Houston Chronicle

Perry tied to text on subverting election

Former governor allegedly sent a message to Meadows about ignoring the will of voters

- By Benjamin Wermund

WASHINGTON — Former Gov. Rick Perry allegedly sent a text to former President Donald Trump’s chief of staff the day after the 2020 election suggesting that at least three state legislatur­es ignore the will of their voters and send their states’ electors to re-elect Trump, CNN reported Friday.

“HERE’s an AGRESSIVE (sic) STRATEGY: Why can t (sic) the states of GA NC PENN and other R controlled state houses declare this is BS (where conflicts and election not called that night) and just send their own electors to vote and have it go to the SCOTUS,” said the text revealed this week by the House Select Committee investigat­ing the Jan. 6 insurrecti­on at the U.S. Capitol.

CNN reported that members of the committee believe the former Energy Department secretary sent the text to former White House chief of staff Mark Meadows, whom the House this week voted to hold in criminal contempt of Congress.

Multiple people who know Perry confirmed the phone number the committee has associated with that text is Perry’s number, CNN reported, and that the number appears in databases as registered to a James Richard Perry, the former governor’s full name, of Texas.

A Perry spokesman said the former governor denies sending the text, according to CNN. Attempts by the Houston Chronicle to reach him were not successful late Friday.

With the revelation of the text, Perry has now been implicated in both scandals that led to Trump’s two impeachmen­ts.

Perry, who left the Trump administra­tion in 2019, was one of several senior administra­tion officials who Democrats said knew about and approved of Trump’s attempt to “use the powers of his office to solicit foreign interferen­ce on his behalf in the 2020 election” when Trump pushed Ukrainian President Volodymyr Zelenskiy to announce investigat­ions into Democrat Joe Biden.

Trump was impeached for the call in 2019.

Perry’s text is also the latest example of his devotion to Trump, whom the former governor during the 2016 Republican primary labeled “a cancer on conservati­sm” that “must be clearly diagnosed, excised and discarded.”
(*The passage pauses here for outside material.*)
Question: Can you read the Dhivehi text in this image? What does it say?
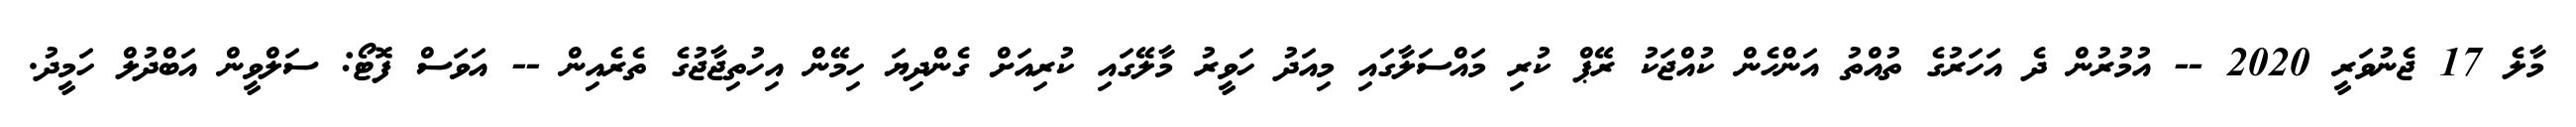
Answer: މާލެ 17 ޖެނުވަރީ 2020 -- އުމުރުން ދެ އަހަރުގެ ތުއްތު އަންހެން ކުއްޖަކު ރޭޕް ކުރި މައްސަލާގައި މިއަދު ހަވީރު މާލޭގައި ކުރިއަށް ގެންދިޔަ ހިމޭން އިހުތިޖާޖުގެ ތެރެއިން -- އަވަސް ފޮޓޯ: ސަލްވީން އަބްދުލް ހަމީދު.

But by 2019, Perry declared Trump to be God’s “chosen one” to lead the nation, comparing the president to several Old Testament kings.

“God used imperfect people all through history,” he said in an interview with Fox News at the time. “King David wasn’t perfect, Saul wasn’t perfect, Solomon wasn’t perfect.”

Perry has largely kept quiet since leaving the Energy Department in 2019. This year, he led a nearly hourlong news conference at the Texas Capitol trying to convince state leaders to buy a brand of air filtration products from a company — Houston-based Integrated Viral Protection — that he acknowledg­ed he has “a part” in.

Perry is now among a handful of Texans who may be targeted by the committee probing the Capitol riot.

CNN reported in August that the committee requested that telecommun­ications companies preserve the phone records of a handful of GOP lawmakers, including U.S. Rep. Louie Gohmert, a Tyler Republican who is retiring from Congress to run for state attorney general.

Gohmert last December sued Vice President Mike Pence to try to force him to take control of the election certificat­ion process and keep Trump in office.

“He may count elector votes certified by a state’s executive, or he can prefer a competing slate of duly qualified electors,” Gohmert wrote in the lawsuit. “That is the power bestowed upon him by the Constituti­on.”

Texas Attorney General Ken Paxton, meanwhile, led a separate failed lawsuit seeking to overturn election results in four battlegrou­nd states that went for Biden. Paxton also spoke briefly at Trump’s rally outside the White House on Jan. 6, just before the insurrecti­on.

Republican U.S. Sen. Ted Cruz of Texas, meanwhile, led an effort in the Senate to delay certifying Trump’s loss and objected to Arizona’s electoral votes less than an hour before demonstrat­ors breached the building. Seventeen of 25 Texas Republican­s in the House objected to counting Electoral College votes for Biden later that night.